By 1868 the law of the land was changed to make all executions private affairs within prison walls. Certainly these were more civilised affairs, even so, on such occasions there may be up to 40 witnesses in attendance. One of the most infamous cases to find conclusion on Gloucester’s prison gallows was that of Herbert Rowse Armstrong. The 52-year-old solicitor was brought to trial at Hereford Assizes in April 1922, to enormous public and media interest, accused of the attempted murder of fellow solicitor, Oswald Martin and the killing his own wife, Katherine Armstrong – both by poisoning. The motive was money. His wife altered her will leaving everything to her children. At this time Armstrong was also in dispute with Oswald Martin who practiced in the same Herefordshire market town at Hay-on-Wye, regarding monies owed for a property conveyance. During the August of 1920 Katherine was taken seriously ill with stomach troubles and delusions, spending four months in Gloucester’s private mental asylum at Barnwood. On recovering she returned home to Cusop, near Hay, becoming ill again and some five months later died in January 1921. A month or so later Armstrong invited Martin to his home for afternoon tea.

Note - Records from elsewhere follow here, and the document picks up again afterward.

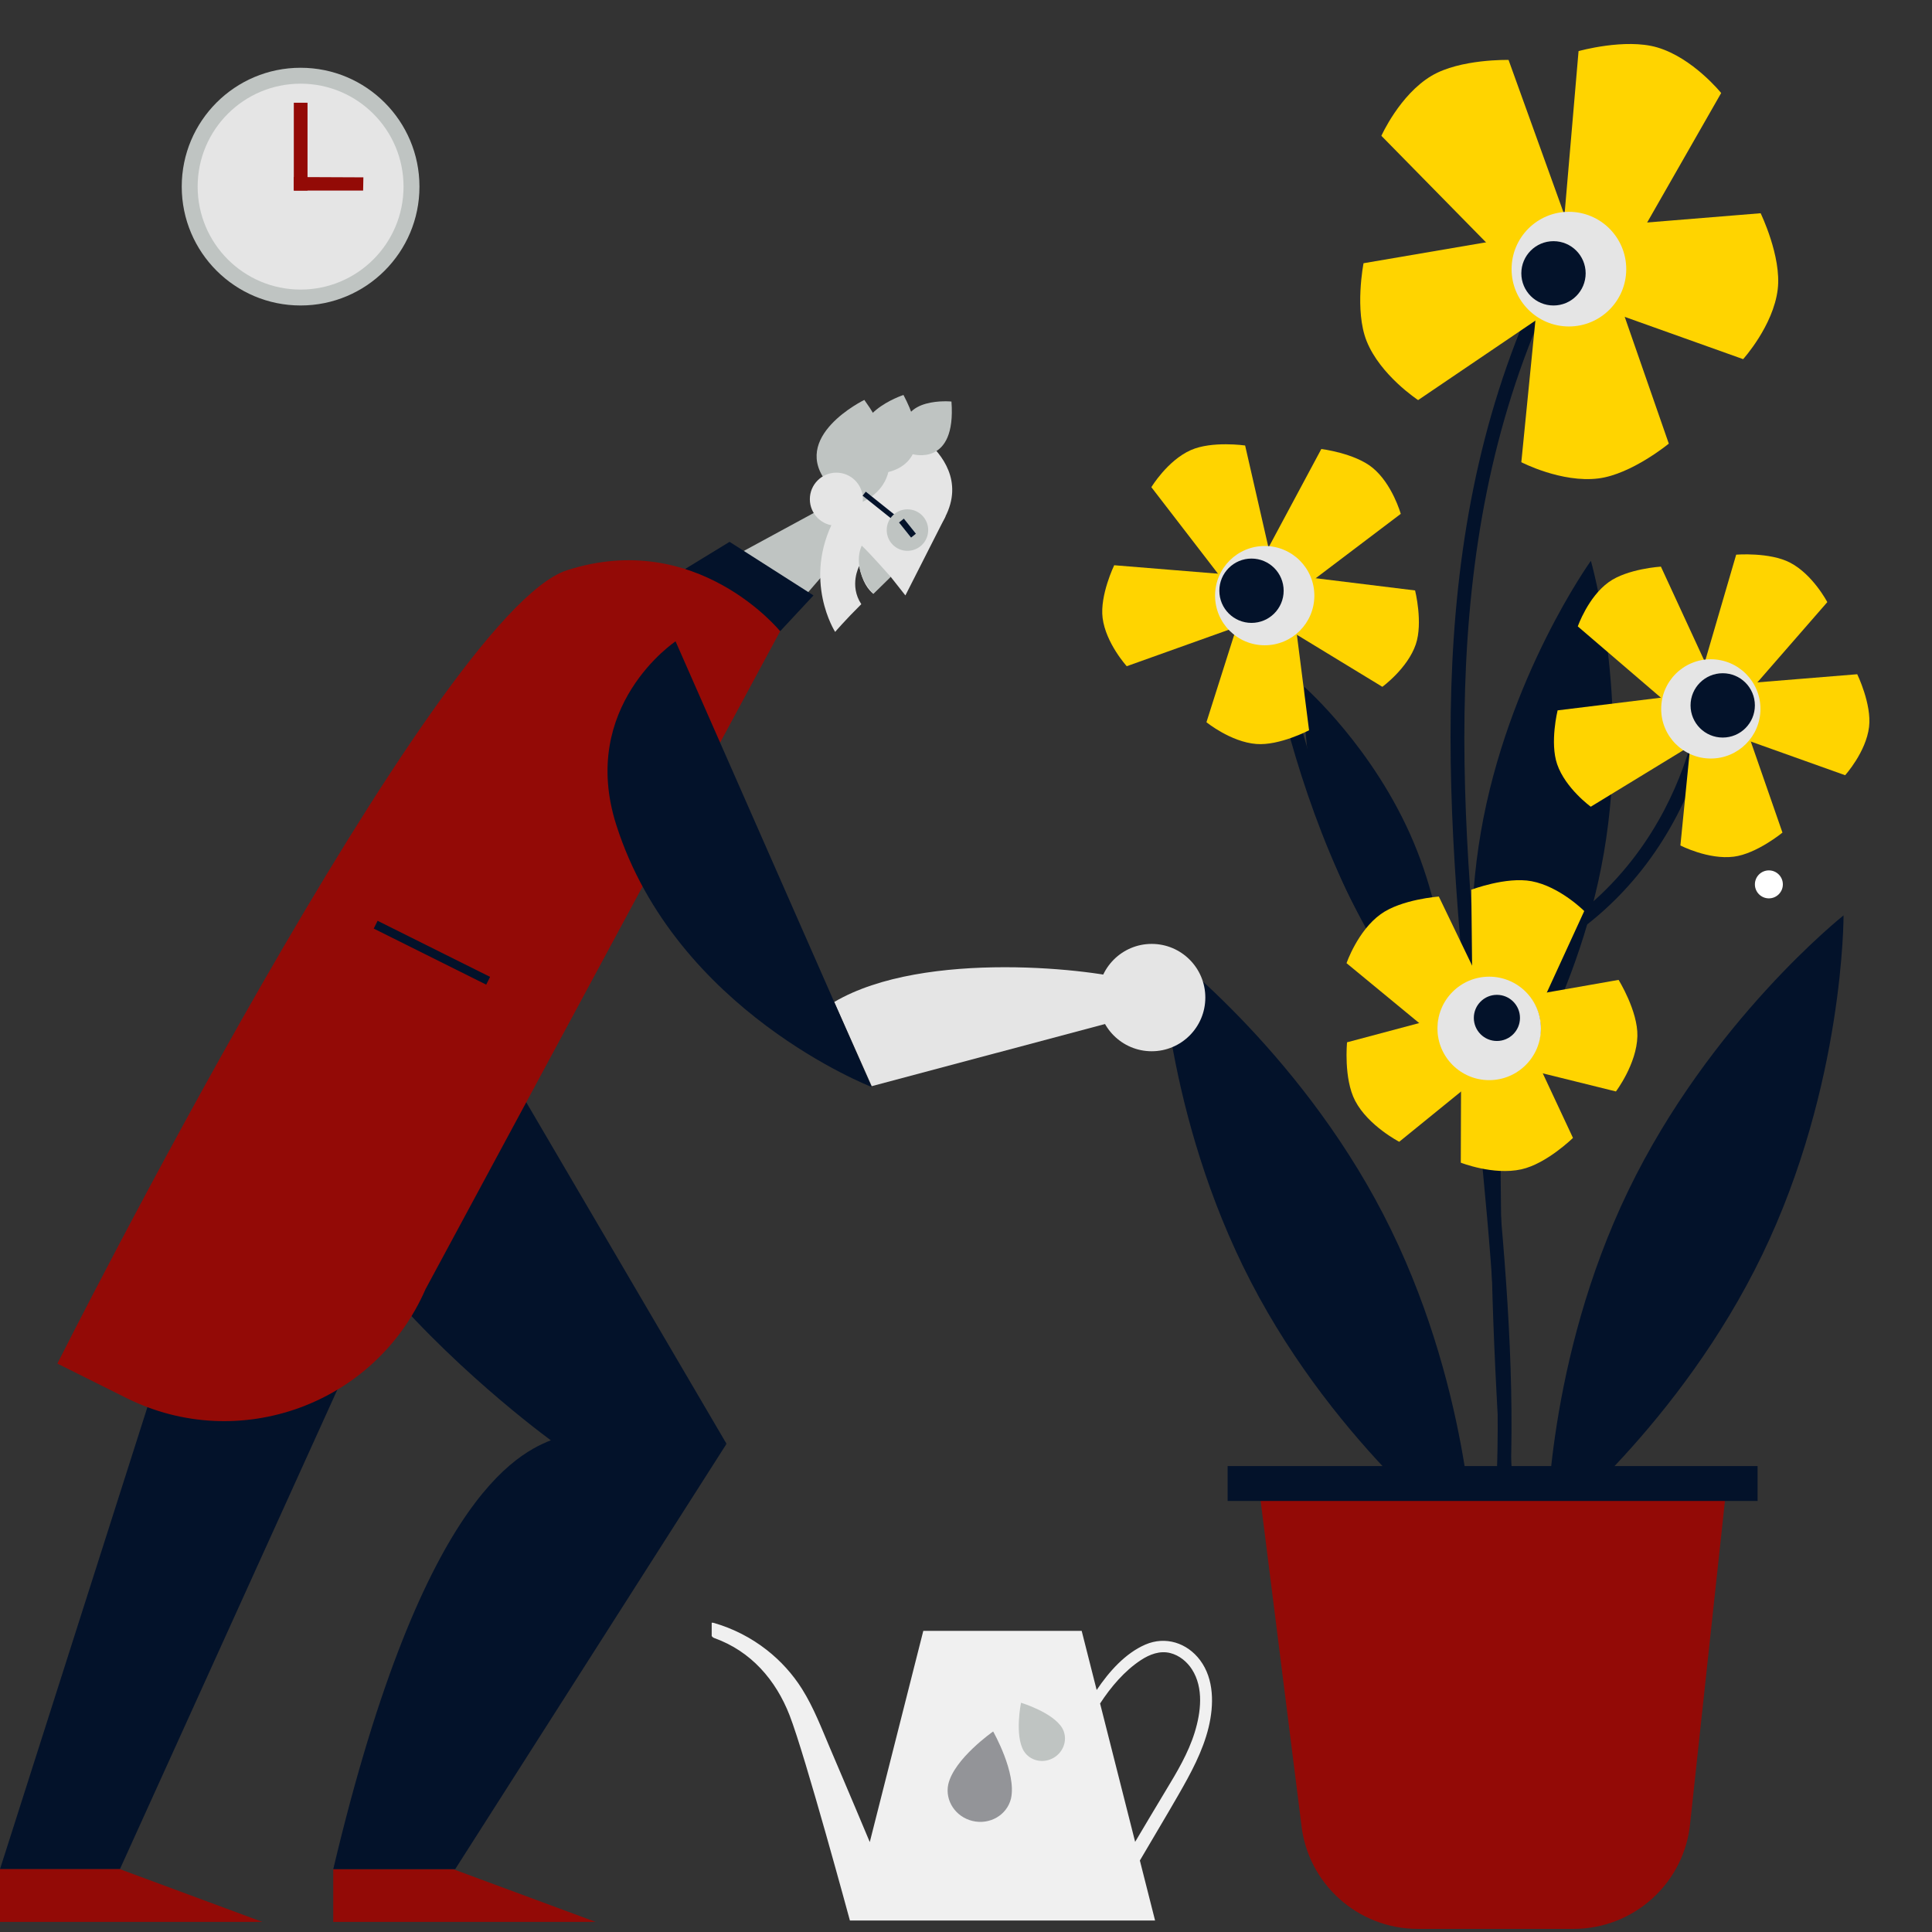 <svg width="208" height="208" viewBox="0 0 208 208" fill="none" xmlns="http://www.w3.org/2000/svg">
<rect x="0" y="0" width="208" height="208" fill="#333333" stroke="none"/>
<g clip-path="url(#clip0_2338_22927)">
<path d="M129.204 178.738C127.806 176.87 125.478 176.116 123.307 177.057C121.157 177.989 119.407 179.952 118.068 181.946L116.454 175.578H99.403L93.641 198.318C93.638 198.309 93.634 198.301 93.631 198.293C93.141 197.129 92.651 195.965 92.161 194.8C91.231 192.589 90.287 190.383 89.347 188.175C88.436 186.034 87.595 183.824 86.354 181.846C85.343 180.237 84.052 178.813 82.557 177.641C80.858 176.31 78.927 175.324 76.854 174.724C76.771 174.7 76.694 174.694 76.622 174.701V176.134C76.687 176.232 76.785 176.315 76.921 176.363C80.844 177.768 83.532 180.864 85.013 184.684C86.702 189.04 91.501 206.764 91.501 206.764H124.356L122.719 200.304C124.089 197.954 125.497 195.627 126.851 193.268C128.179 190.956 129.501 188.548 130.127 185.936C130.694 183.564 130.73 180.778 129.204 178.738ZM128.619 186.518C127.925 188.754 126.717 190.775 125.51 192.766C124.397 194.601 123.31 196.452 122.21 198.295L118.436 183.399C119.592 181.625 121.064 179.884 122.833 178.724C123.767 178.111 124.875 177.684 125.998 177.97C126.965 178.216 127.794 178.895 128.327 179.726C129.611 181.726 129.288 184.363 128.619 186.518Z" fill="#F0F0F0"/>
<path d="M134.67 138.002C125.351 119.999 124.922 101.765 124.922 101.765C124.922 101.765 139.602 112.719 148.92 130.721C158.237 148.724 158.667 166.958 158.667 166.958C158.667 166.958 143.988 156.004 134.67 138.002Z" fill="#03122A"/>
<path d="M189.735 135.063C180.918 153.336 166.547 164.725 166.547 164.725C166.547 164.725 166.471 146.485 175.29 128.212C184.108 109.938 198.478 98.55 198.478 98.55C198.478 98.55 198.552 116.79 189.735 135.063Z" fill="#03122A"/>
<path d="M159.428 89.593C162.312 72.844 171.274 60.378 171.274 60.378C171.274 60.378 175.559 75.072 172.675 91.823C169.792 108.574 160.829 121.039 160.829 121.039C160.829 121.039 156.543 106.344 159.428 89.593Z" fill="#03122A"/>
<path d="M144.15 94.017C139.876 83.859 140.429 73.954 140.429 73.954C140.429 73.954 147.915 80.517 152.19 90.675C156.464 100.833 155.911 110.739 155.911 110.739C155.911 110.739 148.426 104.176 144.15 94.017Z" fill="#03122A"/>
<path d="M163.552 177.488C159.647 147.915 160.505 115.324 160.514 114.999L161.639 115.028C161.63 115.353 160.775 147.858 164.668 177.342L163.552 177.488Z" fill="#03122A"/>
<path d="M163.296 175.482C160.148 168.046 156.474 164.789 156.438 164.757L157.18 163.915C157.337 164.051 161.076 167.351 164.334 175.048L163.296 175.482Z" fill="#03122A"/>
<path d="M164.413 175.454L163.361 175.057C163.713 174.141 166.523 163.982 167.959 158.739L169.047 159.031C168.875 159.651 164.872 174.258 164.413 175.454Z" fill="#03122A"/>
<path d="M160.427 128.33C159.806 121.673 154.449 108.841 154.396 108.712L155.435 108.281C155.658 108.814 160.91 121.4 161.548 128.225L160.427 128.33Z" fill="#03122A"/>
<path d="M158.702 114.719C139.895 98.77 135.67 64.414 135.629 64.069L137.103 63.903C137.143 64.243 141.304 98.035 159.666 113.607L158.702 114.719Z" fill="#03122A"/>
<path d="M158.686 105.875L158.23 104.479C181.013 97.257 183.033 75.406 183.05 75.186L184.529 75.305C184.511 75.534 182.434 98.348 158.686 105.875Z" fill="#03122A"/>
<path d="M157.3 189.246L155.898 188.764C163.779 166.332 161.326 142.369 158.731 116.997C155.821 88.57 152.813 59.174 165.373 31.568L166.726 32.171C154.327 59.419 157.316 88.615 160.207 116.852C162.82 142.389 165.29 166.51 157.3 189.246Z" fill="#03122A"/>
<path d="M179.664 47.762C179.664 47.762 175.658 51.059 172.085 51.509C168.116 52.008 163.786 49.761 163.786 49.761L165.873 28.755L172.753 27.889L179.664 47.762Z" fill="#FFD400"/>
<path d="M146.799 28.34C146.799 28.34 145.808 33.403 147.13 36.717C148.599 40.4 152.675 43.074 152.675 43.074L170.273 31.148L167.727 24.765L146.799 28.34Z" fill="#FFD400"/>
<path d="M189.55 22.957C189.55 22.957 191.815 27.61 191.391 31.143C190.921 35.071 187.667 38.666 187.667 38.666L167.564 31.489L168.379 24.682L189.55 22.957Z" fill="#FFD400"/>
<path d="M169.948 5.502C169.948 5.502 174.963 4.089 178.417 5.104C182.256 6.232 185.302 10.015 185.302 10.015L174.805 28.378L168.152 26.423L169.948 5.502Z" fill="#FFD400"/>
<path d="M162.412 6.452C162.412 6.452 157.195 6.327 154.113 8.165C150.69 10.207 148.72 14.622 148.72 14.622L163.614 29.788L169.546 26.248L162.412 6.452Z" fill="#FFD400"/>
<path d="M168.386 34.027C171.125 34.291 173.556 32.31 173.816 29.604C174.076 26.897 172.067 24.49 169.328 24.226C166.589 23.963 164.158 25.944 163.898 28.65C163.638 31.356 165.647 33.764 168.386 34.027Z" fill="#03122A"/>
<path d="M140.934 78.622C140.934 78.622 137.748 80.293 135.261 80.099C132.499 79.882 129.887 77.754 129.887 77.754L134.309 63.822L139.096 64.198L140.934 78.622Z" fill="#FFD400"/>
<path d="M119.955 60.854C119.955 60.854 118.402 64.073 118.706 66.519C119.044 69.237 121.306 71.725 121.306 71.725L135.196 66.76L134.61 62.048L119.955 60.854Z" fill="#FFD400"/>
<path d="M152.349 63.568C152.349 63.568 153.219 67.035 152.425 69.369C151.544 71.962 148.824 73.942 148.824 73.942L136.227 66.27L137.754 61.774L152.349 63.568Z" fill="#FFD400"/>
<path d="M142.254 48.34C142.254 48.34 145.839 48.783 147.763 50.354C149.901 52.099 150.806 55.322 150.806 55.322L139.083 64.195L135.378 61.17L142.254 48.34Z" fill="#FFD400"/>
<path d="M134.051 47.961C134.051 47.961 130.476 47.448 128.204 48.458C125.68 49.58 123.956 52.45 123.956 52.45L132.919 64.089L137.295 62.144L134.051 47.961Z" fill="#FFD400"/>
<path d="M135.621 68.803C138.36 69.067 140.791 67.086 141.051 64.379C141.312 61.673 139.302 59.266 136.564 59.002C133.825 58.739 131.394 60.719 131.133 63.426C130.873 66.132 132.882 68.54 135.621 68.803Z" fill="#03122A"/>
<path d="M191.9 89.638C191.9 89.638 189.127 91.92 186.656 92.231C183.909 92.577 180.913 91.022 180.913 91.022L182.357 76.486L187.119 75.886L191.9 89.638Z" fill="#FFD400"/>
<path d="M167.693 76.478C167.693 76.478 166.84 79.944 167.644 82.279C168.536 84.873 171.264 86.852 171.264 86.852L183.827 79.182L182.28 74.687L167.693 76.478Z" fill="#FFD400"/>
<path d="M199.951 72.588C199.951 72.588 201.518 75.808 201.225 78.254C200.9 80.973 198.648 83.46 198.648 83.46L184.735 78.494L185.3 73.782L199.951 72.588Z" fill="#FFD400"/>
<path d="M186.918 59.715C186.918 59.715 190.517 59.425 192.724 60.576C195.177 61.853 196.729 64.825 196.729 64.825L187.094 75.883L182.843 73.669L186.918 59.715Z" fill="#FFD400"/>
<path d="M178.814 61.003C178.814 61.003 175.21 61.222 173.197 62.671C170.96 64.281 169.866 67.439 169.866 67.439L181.044 77.026L184.922 74.236L178.814 61.003Z" fill="#FFD400"/>
<path d="M183.642 81.101C186.381 81.364 188.812 79.384 189.072 76.677C189.332 73.971 187.323 71.563 184.584 71.3C181.845 71.037 179.414 73.017 179.154 75.724C178.894 78.43 180.903 80.837 183.642 81.101Z" fill="#03122A"/>
<path d="M12.909 201.234H0L29.923 107.45L47.927 124.015L12.909 201.234Z" fill="#03122A"/>
<path d="M35.877 201.234V206.914H64.124L48.785 201.234H35.877Z" fill="#930A06"/>
<path d="M0 201.234V206.914H28.247L12.909 201.234H0Z" fill="#930A06"/>
<path d="M60.097 154.767C56.537 156.068 45.731 159.669 35.877 201.234H49.008L78.218 155.441L60.097 154.767Z" fill="#03122A"/>
<path d="M51.771 110.334L78.218 155.441H59.814C59.814 155.441 20.654 127.507 30.942 104.618L51.771 110.334Z" fill="#03122A"/>
<path d="M121.973 105.61C118.284 104.392 99.563 102.132 89.812 107.875L93.85 116.936L121.517 109.567L121.973 105.61Z" fill="#E5E5E5"/>
<path d="M123.992 113.178C127.181 113.178 129.766 110.591 129.766 107.399C129.766 104.208 127.181 101.621 123.992 101.621C120.804 101.621 118.219 104.208 118.219 107.399C118.219 110.591 120.804 113.178 123.992 113.178Z" fill="#E5E5E5"/>
<path d="M88.78 54.589L78.532 60.153L84.438 66.722L92.748 57.127L88.78 54.589Z" fill="#BFC4C2"/>
<path d="M101.814 55.556L97.475 64.104L95.325 61.383L101.814 55.556Z" fill="#E5E5E5"/>
<path d="M92.728 65.044C91.391 63.024 92.5 60.948 92.5 60.948C92.822 62.635 93.49 63.495 94.02 63.928C95.615 62.352 97.492 60.516 99.32 58.773C103.862 54.446 102.728 50.948 101.012 48.786C98.317 45.392 95.983 44.933 91.893 49.084C88.368 52.663 89.848 55.847 89.848 55.847C86.34 62.466 89.913 68.032 89.913 68.032C89.913 68.032 90.879 66.881 92.728 65.044Z" fill="#E5E5E5"/>
<path d="M92.086 54.34C92.086 54.34 99.712 52.29 93.054 43.056C93.054 43.056 84.851 47.039 89.173 52.118L92.086 54.34Z" fill="#BFC4C2"/>
<path d="M90.043 56.6C91.62 56.6 92.898 55.321 92.898 53.743C92.898 52.165 91.62 50.886 90.043 50.886C88.467 50.886 87.189 52.165 87.189 53.743C87.189 55.321 88.467 56.6 90.043 56.6Z" fill="#E5E5E5"/>
<path d="M95.885 62.095C95.885 62.095 93.783 59.698 92.777 58.744C92.777 58.744 91.519 61.113 94.022 63.928L95.885 62.095Z" fill="#BFC4C2"/>
<path d="M73.753 61.261L78.546 58.334L87.582 64.102L83.991 67.959L73.753 61.261Z" fill="#03122A"/>
<path d="M61.032 61.397C46.826 65.983 6.177 146.803 6.177 146.803L13.615 150.512C25.72 156.549 40.409 151.203 45.812 138.793L83.991 67.959C83.991 67.959 75.014 56.884 61.032 61.397Z" fill="#930A06"/>
<path d="M72.732 69.048C72.732 69.048 62.261 76.018 66.355 88.831C72.762 108.879 93.832 117.021 93.836 117.022L72.732 69.048Z" fill="#03122A"/>
<path d="M93.212 52.936L92.869 53.366L96.002 55.87L96.345 55.44L93.212 52.936Z" fill="#03122A"/>
<path d="M97.696 59.302C98.929 59.302 99.929 58.302 99.929 57.068C99.929 55.834 98.929 54.834 97.696 54.834C96.463 54.834 95.464 55.834 95.464 57.068C95.464 58.302 96.463 59.302 97.696 59.302Z" fill="#BFC4C2"/>
<path d="M97.308 55.836L96.789 56.252L98.087 57.875L98.606 57.459L97.308 55.836Z" fill="#03122A"/>
<path d="M40.653 99.133L40.236 99.971L52.346 106.008L52.763 105.171L40.653 99.133Z" fill="#03122A"/>
<path d="M98.253 48.896C98.253 48.896 102.962 50.293 102.434 43.23C102.434 43.23 96.791 42.67 97.43 46.769L98.253 48.896Z" fill="#BFC4C2"/>
<path d="M95.376 50.87C95.376 50.87 101.297 50.126 97.268 42.523C97.268 42.523 90.716 44.655 93.425 48.905L95.376 50.87Z" fill="#BFC4C2"/>
<path d="M169.4 207.666H152.651C146.178 207.666 140.754 202.782 140.094 196.359L135.485 159.716H185.91L181.976 196.177C181.403 202.679 175.944 207.666 169.4 207.666Z" fill="#930A06"/>
<path d="M189.222 157.837H132.167V161.594H189.222V157.837Z" fill="#03122A"/>
<path d="M169.347 122.508C169.347 122.508 166.507 125.292 163.789 125.891C160.77 126.557 157.27 125.174 157.27 125.174L157.322 109.142L162.556 107.988L169.347 122.508Z" fill="#FFD400"/>
<path d="M145.025 112.213C145.025 112.213 144.637 116.112 145.901 118.522C147.305 121.199 150.641 122.924 150.641 122.924L163.31 112.63L160.875 107.988L145.025 112.213Z" fill="#FFD400"/>
<path d="M174.258 105.495C174.258 105.495 176.346 108.847 176.282 111.55C176.211 114.552 173.972 117.507 173.972 117.507L157.959 113.543L158.082 108.338L174.258 105.495Z" fill="#FFD400"/>
<path d="M158.401 95.789C158.401 95.789 162.158 94.356 164.895 94.872C167.934 95.445 170.56 98.084 170.56 98.084L163.836 112.728L158.568 111.733L158.401 95.789Z" fill="#FFD400"/>
<path d="M154.906 96.524C154.906 96.524 150.879 96.808 148.643 98.423C146.159 100.216 144.969 103.695 144.969 103.695L157.56 114.076L161.867 110.968L154.906 96.524Z" fill="#FFD400"/>
<path d="M160.339 116.028C163.392 116.028 165.868 113.627 165.868 110.665C165.868 107.703 163.392 105.302 160.339 105.302C157.286 105.302 154.811 107.703 154.811 110.665C154.811 113.627 157.286 116.028 160.339 116.028Z" fill="#03122A"/>
<path d="M168.909 35.148C172.318 35.148 175.082 32.384 175.082 28.976C175.082 25.567 172.318 22.803 168.909 22.803C165.501 22.803 162.737 25.567 162.737 28.976C162.737 32.384 165.501 35.148 168.909 35.148Z" fill="#E5E5E5"/>
<path d="M167.25 32.889C169.162 32.889 170.712 31.339 170.712 29.427C170.712 27.515 169.162 25.965 167.25 25.965C165.337 25.965 163.787 27.515 163.787 29.427C163.787 31.339 165.337 32.889 167.25 32.889Z" fill="#03122A"/>
<path d="M136.16 69.471C139.111 69.471 141.504 67.078 141.504 64.127C141.504 61.175 139.111 58.782 136.16 58.782C133.208 58.782 130.815 61.175 130.815 64.127C130.815 67.078 133.208 69.471 136.16 69.471Z" fill="#E5E5E5"/>
<path d="M184.187 81.664C187.138 81.664 189.531 79.272 189.531 76.32C189.531 73.368 187.138 70.976 184.187 70.976C181.235 70.976 178.843 73.368 178.843 76.32C178.843 79.272 181.235 81.664 184.187 81.664Z" fill="#E5E5E5"/>
<path d="M134.737 67.061C136.649 67.061 138.199 65.511 138.199 63.599C138.199 61.686 136.649 60.136 134.737 60.136C132.825 60.136 131.274 61.686 131.274 63.599C131.274 65.511 132.825 67.061 134.737 67.061Z" fill="#03122A"/>
<path d="M160.326 116.289C163.402 116.289 165.896 113.795 165.896 110.719C165.896 107.643 163.402 105.149 160.326 105.149C157.25 105.149 154.756 107.643 154.756 110.719C154.756 113.795 157.25 116.289 160.326 116.289Z" fill="#E5E5E5"/>
<path d="M190.438 96.718C191.269 96.718 191.943 96.044 191.943 95.212C191.943 94.381 191.269 93.707 190.438 93.707C189.607 93.707 188.933 94.381 188.933 95.212C188.933 96.044 189.607 96.718 190.438 96.718Z" fill="white"/>
<path d="M185.468 79.406C187.381 79.406 188.931 77.856 188.931 75.943C188.931 74.031 187.381 72.481 185.468 72.481C183.556 72.481 182.006 74.031 182.006 75.943C182.006 77.856 183.556 79.406 185.468 79.406Z" fill="#03122A"/>
<path d="M32.362 32.888C39.43 32.888 45.159 27.159 45.159 20.092C45.159 13.025 39.43 7.296 32.362 7.296C25.295 7.296 19.566 13.025 19.566 20.092C19.566 27.159 25.295 32.888 32.362 32.888Z" fill="#BFC4C2"/>
<path d="M32.362 31.175C38.483 31.175 43.445 26.213 43.445 20.092C43.445 13.971 38.483 9.009 32.362 9.009C26.241 9.009 21.279 13.971 21.279 20.092C21.279 26.213 26.241 31.175 32.362 31.175Z" fill="#E5E5E5"/>
<path d="M33.108 11.061H31.632V20.515H33.108V11.061Z" fill="#930A06"/>
<path d="M31.632 19.06L39.122 19.093L39.094 20.515H31.632V19.06Z" fill="#930A06"/>
<path d="M161.157 112.073C162.529 112.073 163.641 110.961 163.641 109.589C163.641 108.217 162.529 107.105 161.157 107.105C159.785 107.105 158.673 108.217 158.673 109.589C158.673 110.961 159.785 112.073 161.157 112.073Z" fill="#03122A"/>
<path d="M108.843 193.636C108.412 195.414 106.555 196.492 104.696 196.044C102.877 195.605 101.722 193.864 102.088 192.111C102.713 189.342 106.923 186.412 106.923 186.412C106.923 186.412 109.468 190.866 108.843 193.636Z" fill="#939498"/>
<path d="M114.359 186.045C114.996 187.15 114.578 188.585 113.426 189.251C112.299 189.902 110.881 189.577 110.224 188.516C109.209 186.818 109.923 183.318 109.923 183.318C109.923 183.318 113.344 184.346 114.359 186.045Z" fill="#BFC4C2"/>
</g>
<defs>
<clipPath id="clip0_2338_22927">
<rect width="208" height="208" fill="white"/>
</clipPath>
</defs>
</svg>

Thinking they would now settle the money problem he accepted and, after the meal, was taken ill. His doctor took samples of urine and discovered traces of arsenic – subsequently Armstrong was arrested and charged with the attempted murder of Oswald Martin. As a result of this, Katherine’s body was exhumed and tests revealed arsenic. Armstrong found guilty of both charges, became the only solicitor in the UK to be hanged for murder – he met his fate at Gloucester Gaol on Wednesday, May 31, 1922.

Herbert Burrows, A 23-year-old probationary constable with Worcester police during 1925, lived opposite the Garibaldi Inn at Wylds Lane in the city where he enjoyed the occasional beer and company with landlord, Ernest Laight and his wife Doris. On the night of Friday, November 27, he unusually stayed on after closing time and was the last customer in the bar chatting with the landlord when he suddenly pulled a gun and shot him. His wife Doris, investigating the noise was the next victim. With the couple dead, Burrows’s next act was to silence their young son, Robert, fearing his crying might raise the alarm. He battered the child to death and then, unhindered, gathered up the pub takings and rushed from the building in the dark of night.

The next day Burrows, back on duty, asked a police colleague if he’d news of the shootings at the Garibaldi Inn. At the time, the police knew nothing of the previous night’s horror. By foolishly asking that question, Burrows put himself in the frame – police visiting his lodgings recovered both the gun and stolen money. Confronted with these facts, Burrows confessed and was put on trial at Worcester in January 1926. He was hanged by Thomas Pierrepoint a month later, at Gloucester County Gaol.

Forty-one-year-old Ralph Smith achieved dubious fame at Gloucester Prison, which was certainly of no value to him, when he faced execution for murdering his ex-girlfriend, Beatrice Baxter. Quarreling with her plans to go dancing with another man, he left her house in anger. He soon returned and in the continuing row, slashed her throat with a knife. Smith later that day gave himself up to police – to find she had died as the result of his earlier aggression. Found guilty of her killing at the Old Bailey, he was returned to Gloucester and courtesy of the services of well-known executioners, Thomas and Albert Pierrepoint, he became, on June 7, 1939, the last man to be hanged at Gloucester Prison. Capital punishment for murder was eventually abolished in the United Kingdom in 1969.

Much later, Gloucester Prison was to go through another major development in its life in 1987 with the provision and completion of building work that included a new gatehouse, storerooms, administration and visitors’ facilities being established on the site. Just seven years later in the early 90s, the prison became home for a short while to the person whose name at that time was on everyone’s lips: Fred West. Now in 2013, this age-old institution of crime, having over the decades dispatched many to their maker, is ironically facing a death sentence of its own.